Indo-European Linguistics

Proto-Indo-European Roots

Our Indo-European Lexicon presents Proto-Indo-European (PIE) etyma with Indo-European (IE) reflexes, accessible in various ways. For direct access to PIE etyma, see our Pokorny PIE Data. For direct access to IE reflexes of PIE etyma, indexed by language, see our Language Indices.
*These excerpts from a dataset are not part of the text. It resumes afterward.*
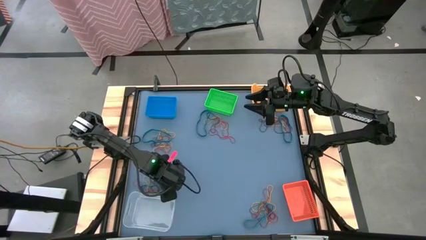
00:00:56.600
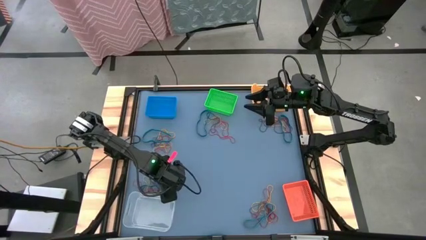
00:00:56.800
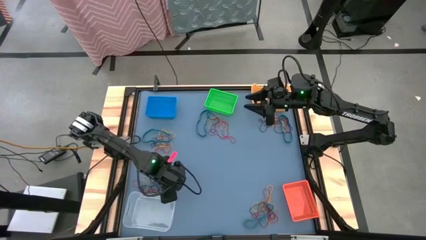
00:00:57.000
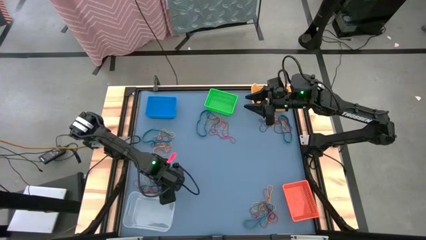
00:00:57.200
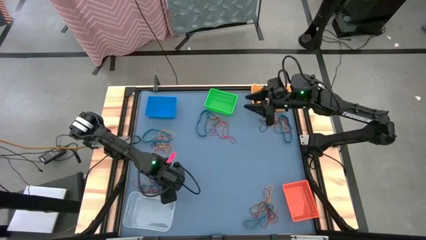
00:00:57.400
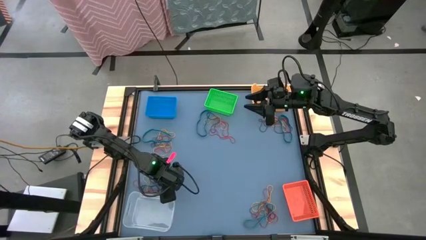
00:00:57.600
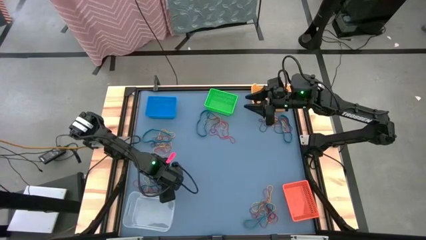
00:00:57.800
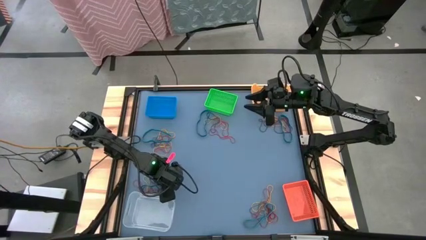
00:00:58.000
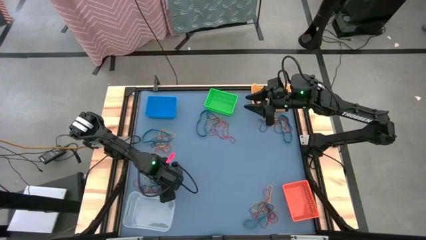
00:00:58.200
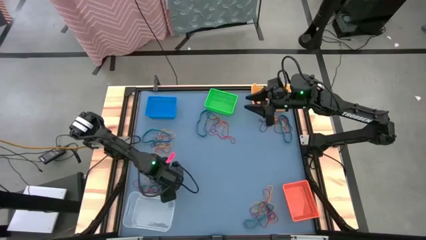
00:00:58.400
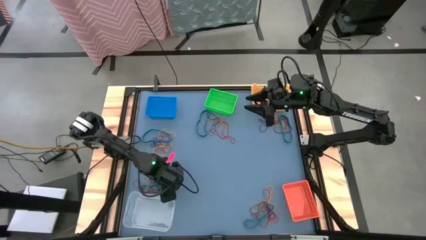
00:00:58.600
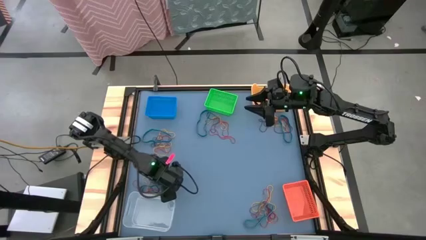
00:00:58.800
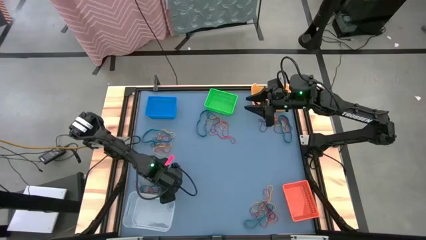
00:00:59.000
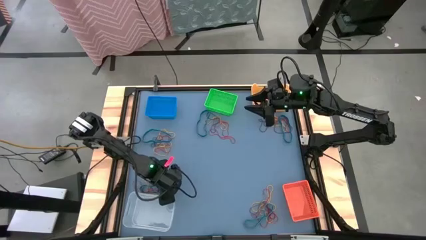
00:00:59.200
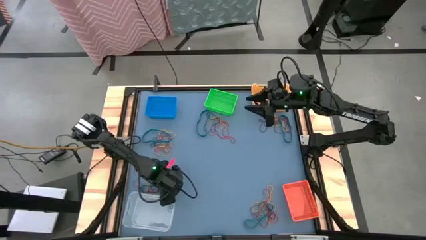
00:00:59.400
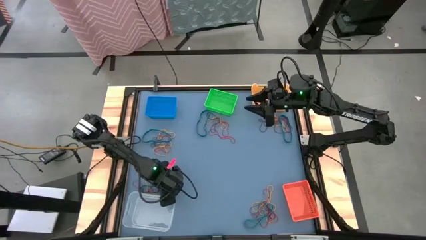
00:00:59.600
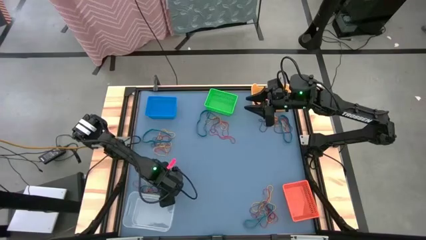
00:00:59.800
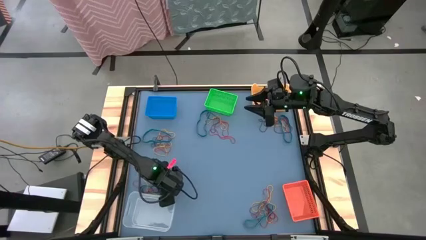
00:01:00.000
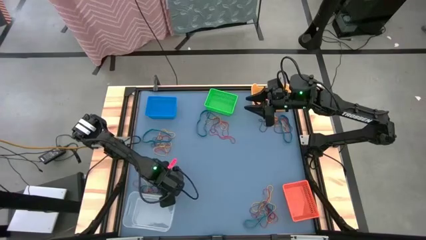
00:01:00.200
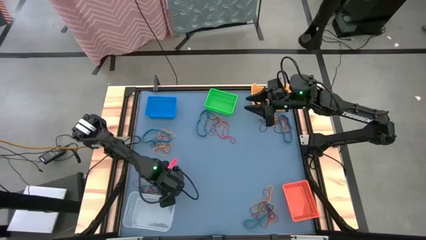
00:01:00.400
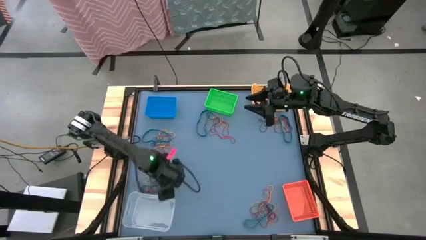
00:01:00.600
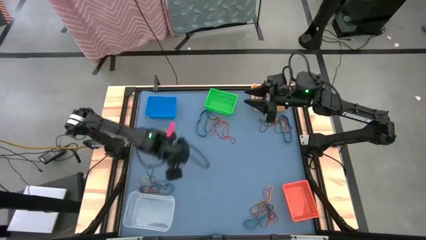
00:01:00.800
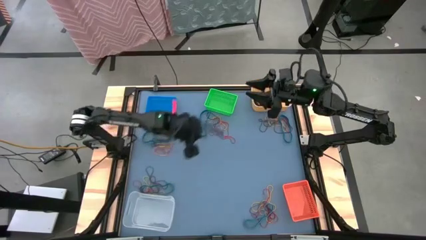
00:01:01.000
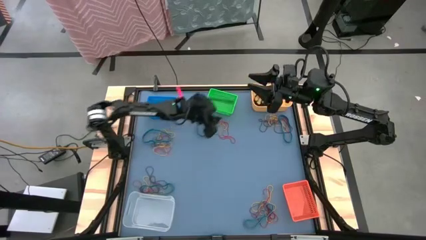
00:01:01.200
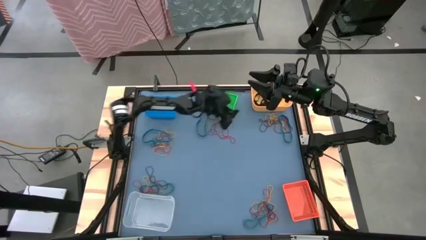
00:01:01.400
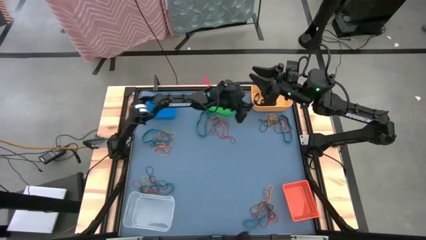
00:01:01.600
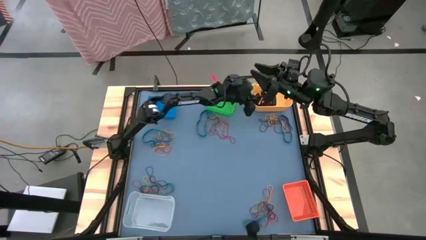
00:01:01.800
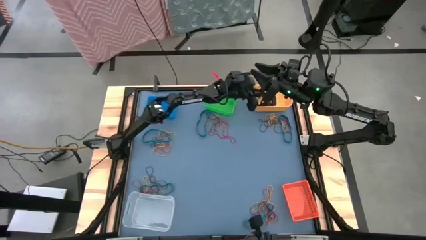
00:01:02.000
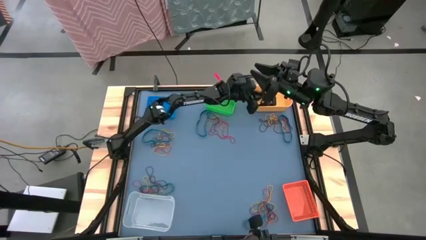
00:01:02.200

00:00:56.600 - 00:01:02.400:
Task: Sort rubber bands into baskets
Put the black rubber band into the yellow bin

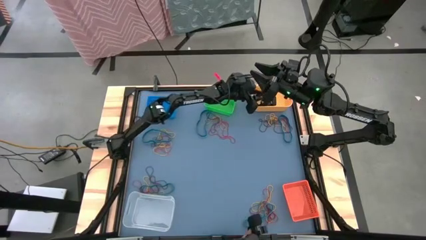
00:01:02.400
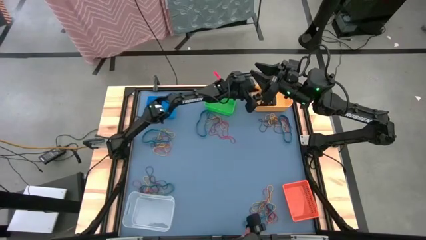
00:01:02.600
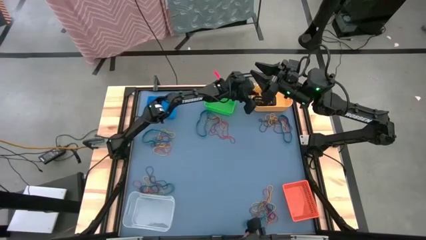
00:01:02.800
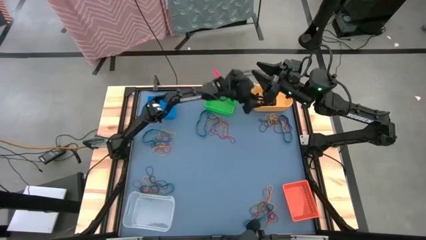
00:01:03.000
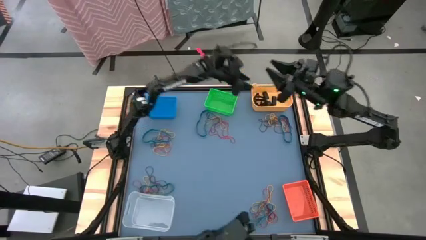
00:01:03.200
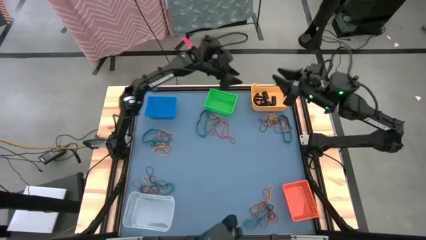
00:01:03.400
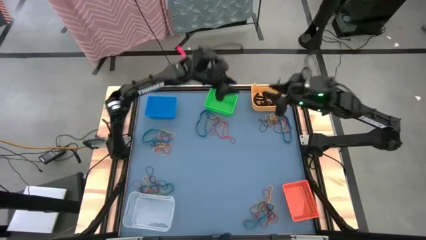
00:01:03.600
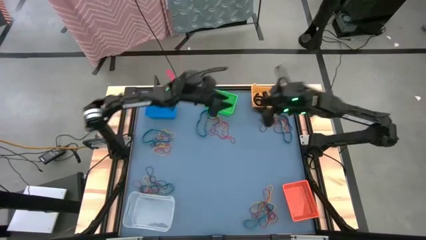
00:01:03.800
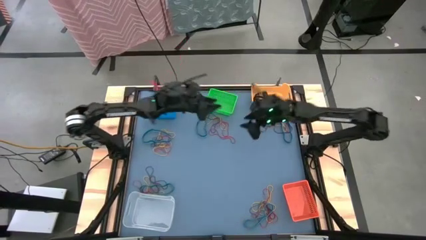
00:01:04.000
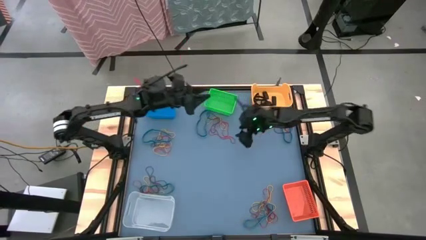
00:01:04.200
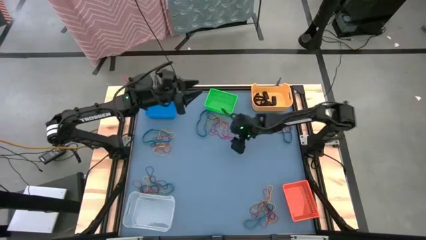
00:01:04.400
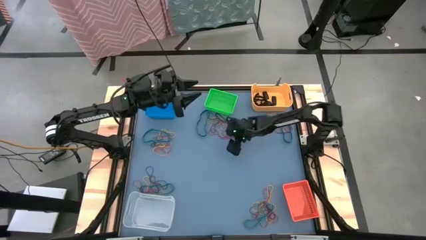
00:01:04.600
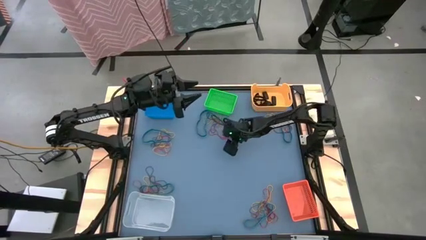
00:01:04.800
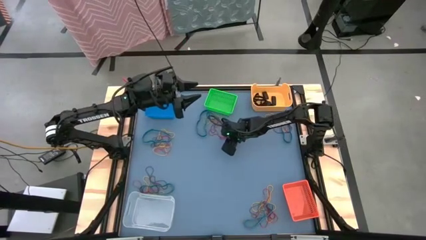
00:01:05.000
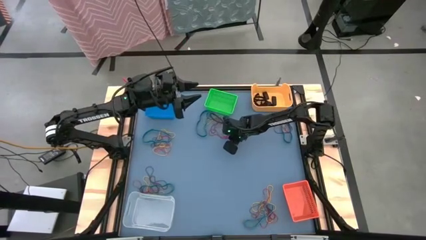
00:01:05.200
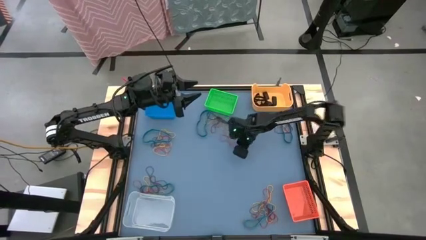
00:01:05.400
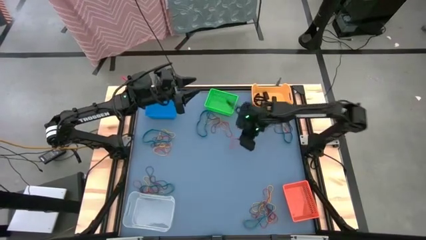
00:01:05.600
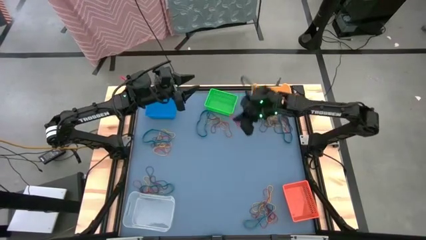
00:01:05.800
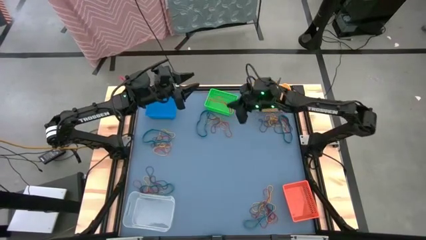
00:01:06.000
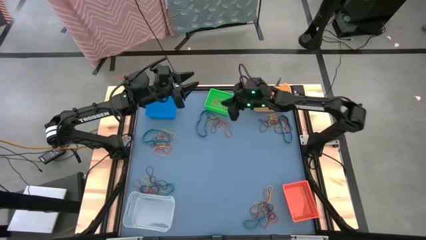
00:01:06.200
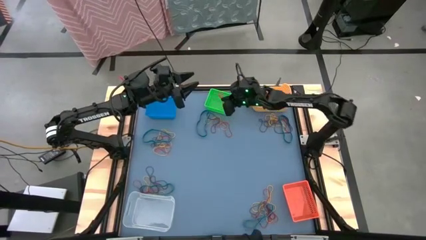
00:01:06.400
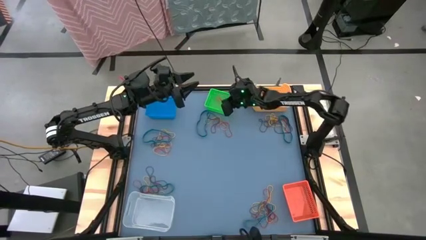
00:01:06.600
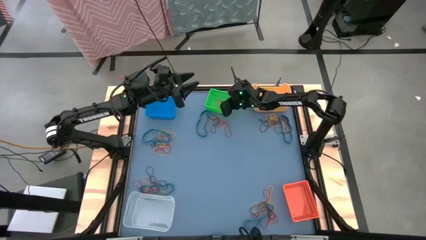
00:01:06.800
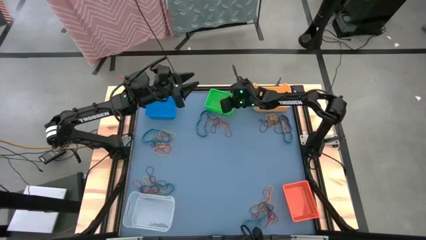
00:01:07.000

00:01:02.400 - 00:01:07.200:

In sections below we disscuss PIE phonemes by category, and provide links to other pages that display, or lead to, a few examples of their use in PIE etyma; each etymon page includes IE reflexes. Our discussions here are brief and shallow; more information may be available on the pages that are linked to, but for detailed information about PIE phonology the reader is strongly urged to browse Winfred Lehmann's book, Proto-Indo-European Phonology.

Consonants

Consonants come in several varieties; relevant to PIE and our lexical focus are obstruents, fricatives, resonants, and laryngeals.

Obstruents

Obstruents are stop consonants. They may be voiced (e.g. B, D, G) or unvoiced (e.g. P, T, K); independently, they may be aspirated with a puff of air, as when one pronounces P in the English word pot; other factors, e.g. lip rounding or the exact locus of the stop, may also be relevant. Our obstruent examples above are very much incomplete; for more information, see PIE Obstruents.

Fricatives

Fricatives are produced by constricting but not stopping the flow of air from the mouth. They, too, may be voiced (e.g. V, Z) or unvoiced (e.g. F, S). Of relevance to our PIE etyma is the single fricative consonant S.

Resonants

Resonants in PIE are often consonants (e.g. M N R L W Y), hence their inclusion here; but they may act as vowels (e.g. M N R L U I) in certain contexts. See PIE Resonants.

Laryngeals

Details of the pronunciation of laryngeals in PIE are unknown, but they are thought by some to have been a subclass of resonants, and for certain they affected the pronunciations of adjacent vowels. Theories generally posit three laryngeals, or rarely four, but direct evidence exists only in Hittite and that for two laryngeals, or possibly only one. See PIE Laryngeals.

Vowels

Vowels (e.g. A E I O U) are necessarily voiced, and might combine as diphthongs (e.g. AI EU OU); but some argue that diphthongs emerged in later PIE from vowels adjacent to laryngeals. Indeed, some argue that in early PIE there was but a single basic vowel, E, and other vowels (e.g. A O) later emerged via the influence of adjacent laryngeals. Internal vowels in a PIE lexeme might undergo alternation (or ablaut) for grammatical reasons; modern reflexes include English sing, sang, sung and song. See PIE Vowels.